§ Exercise data:
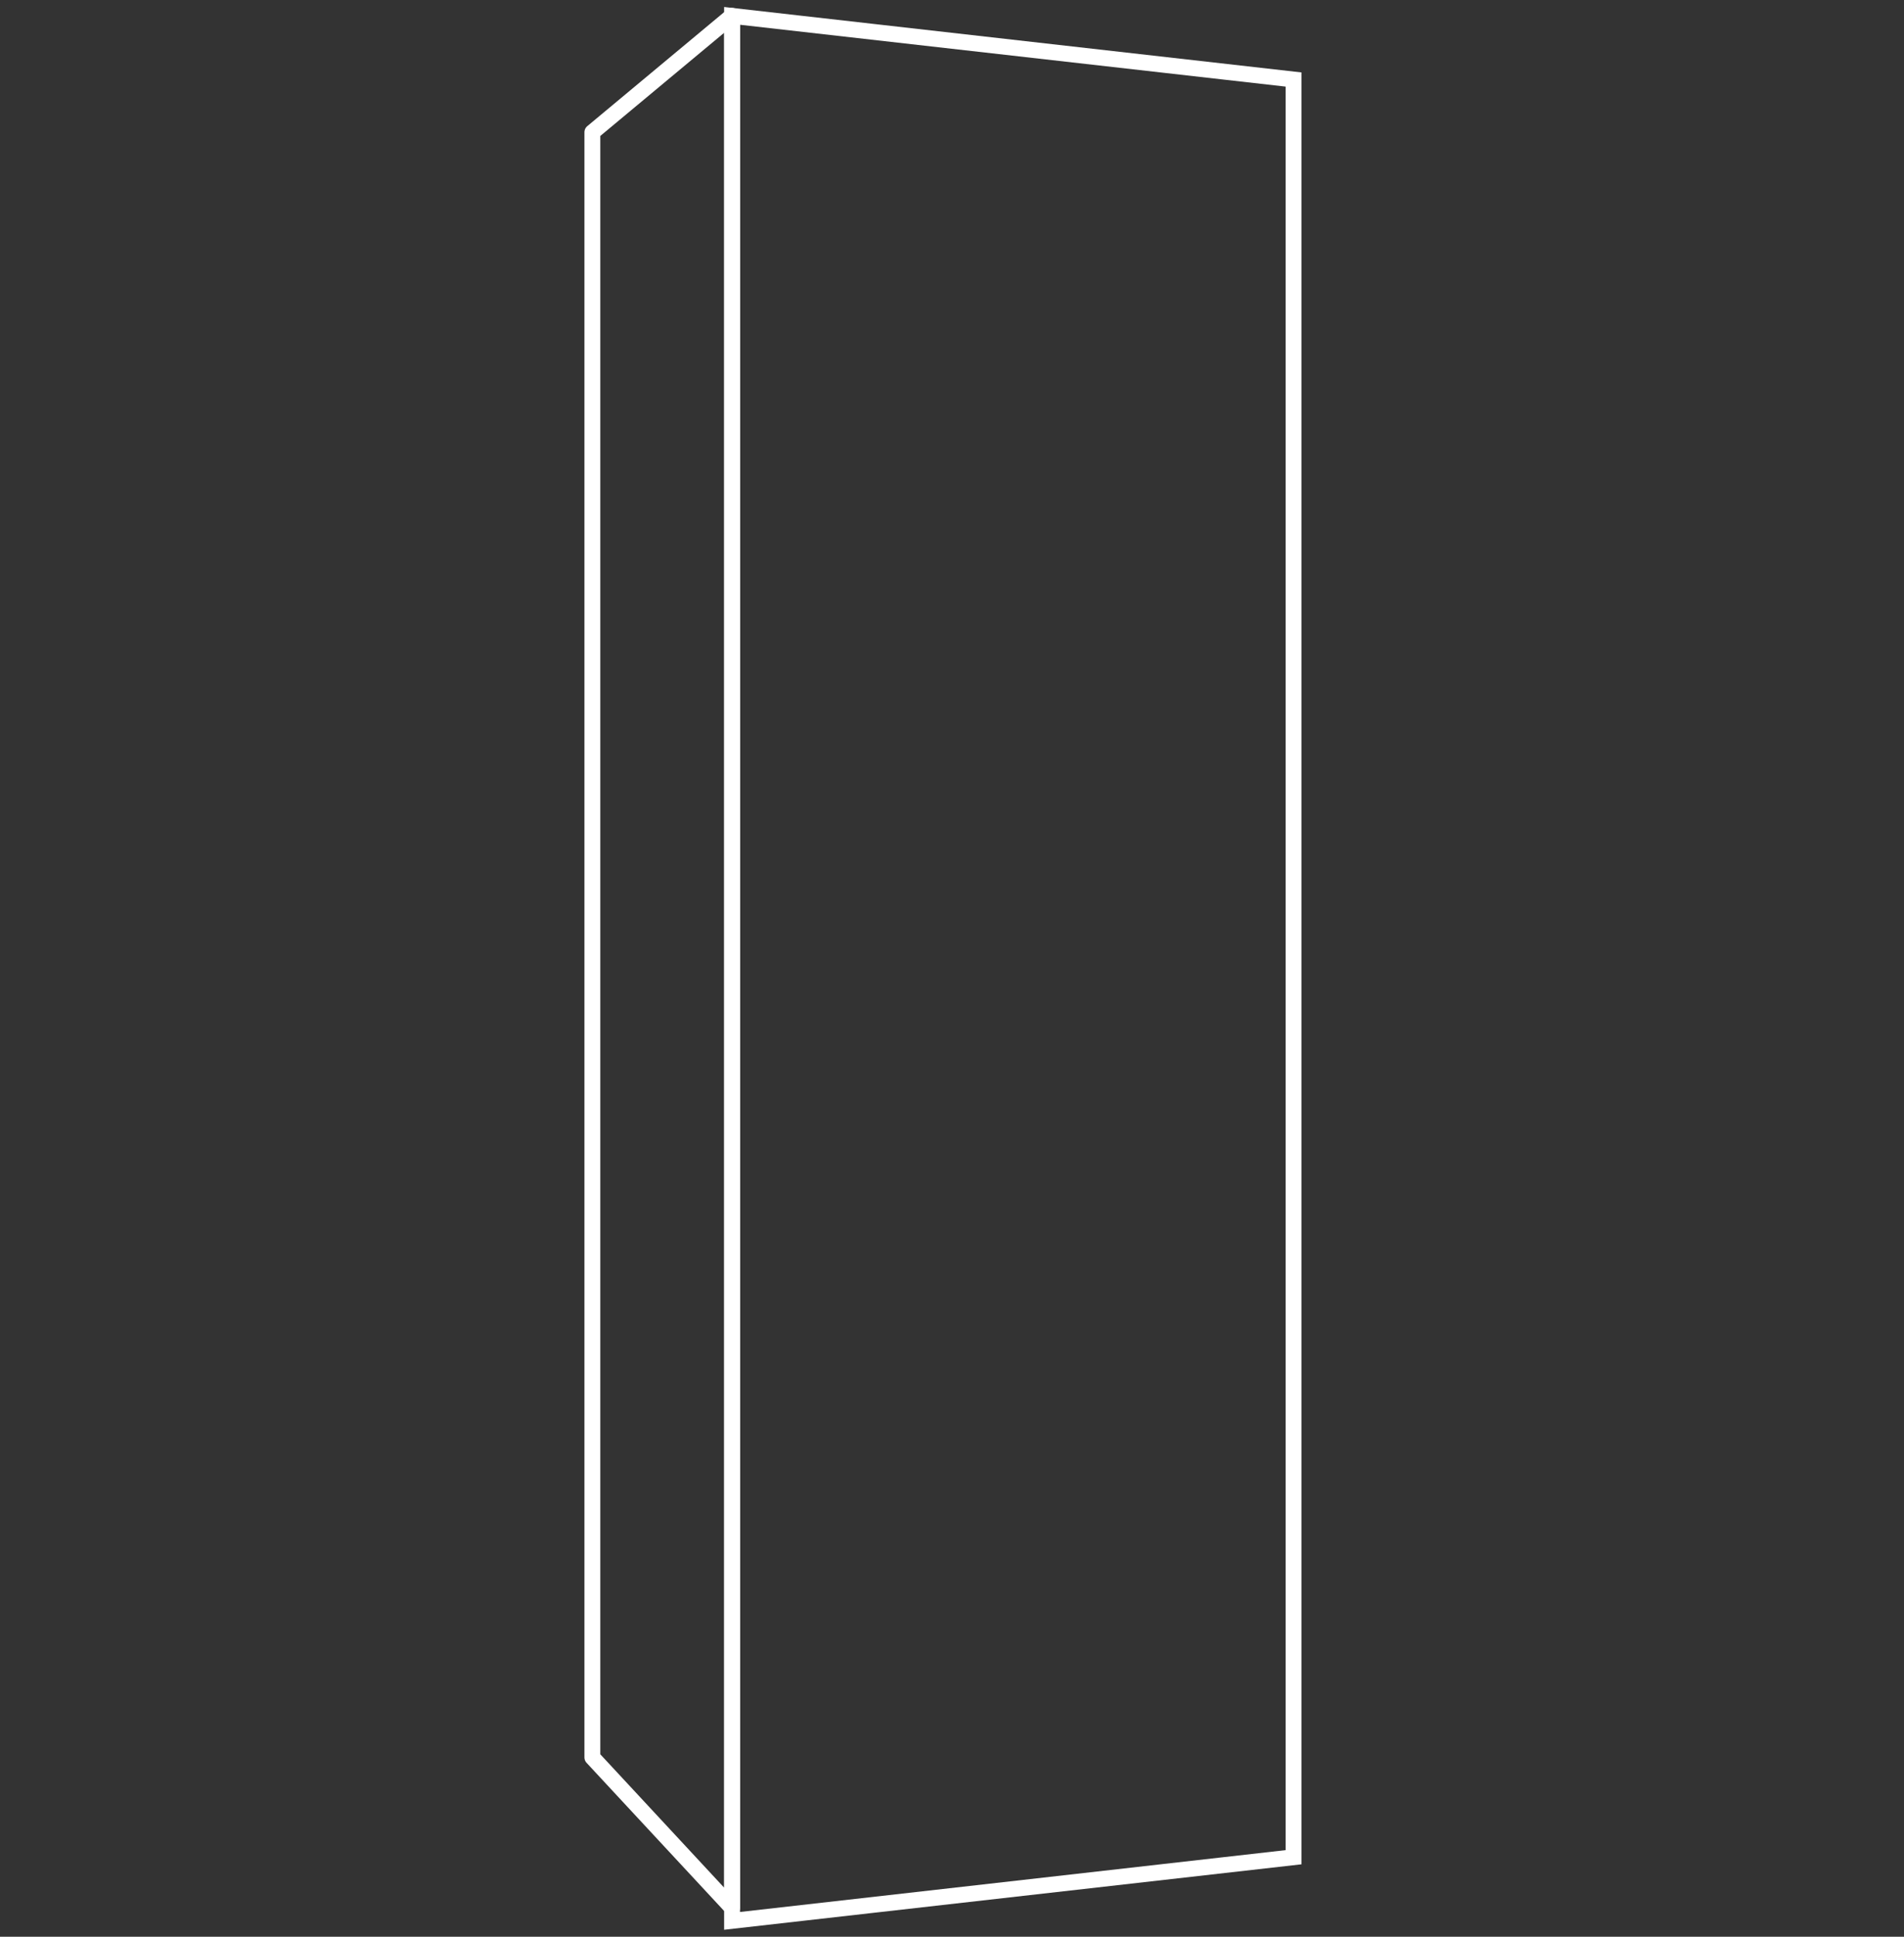 <svg width="120" height="122" viewBox="0 0 120 122" fill="none" xmlns="http://www.w3.org/2000/svg">
<rect x="0" y="0" width="120" height="122" fill="#333333" stroke="none"/>
<path d="M81.525 116.991L46.138 121V1L81.525 5.009V116.991Z" stroke="white" stroke-miterlimit="10"/>
<path d="M37.334 110.703L46.138 120.179V1L37.334 8.33V110.703Z" stroke="white" stroke-miterlimit="10" stroke-linecap="round" stroke-linejoin="round"/>
</svg>

§ What is needed:
Reproduce the entries exactly. Do not carry over any picture.

§ Result of this exercise:
 <svg width="120" height="122" viewBox="0 0 120 122" fill="none" xmlns="http://www.w3.org/2000/svg">
<rect x="0" y="0" width="120" height="122" fill="#333333" stroke="none"/>
<path d="M81.525 116.991L46.138 121V1L81.525 5.009V116.991Z" stroke="white" stroke-miterlimit="10"/>
<path d="M37.334 110.703L46.138 120.179V1L37.334 8.33V110.703Z" stroke="white" stroke-miterlimit="10" stroke-linecap="round" stroke-linejoin="round"/>
</svg>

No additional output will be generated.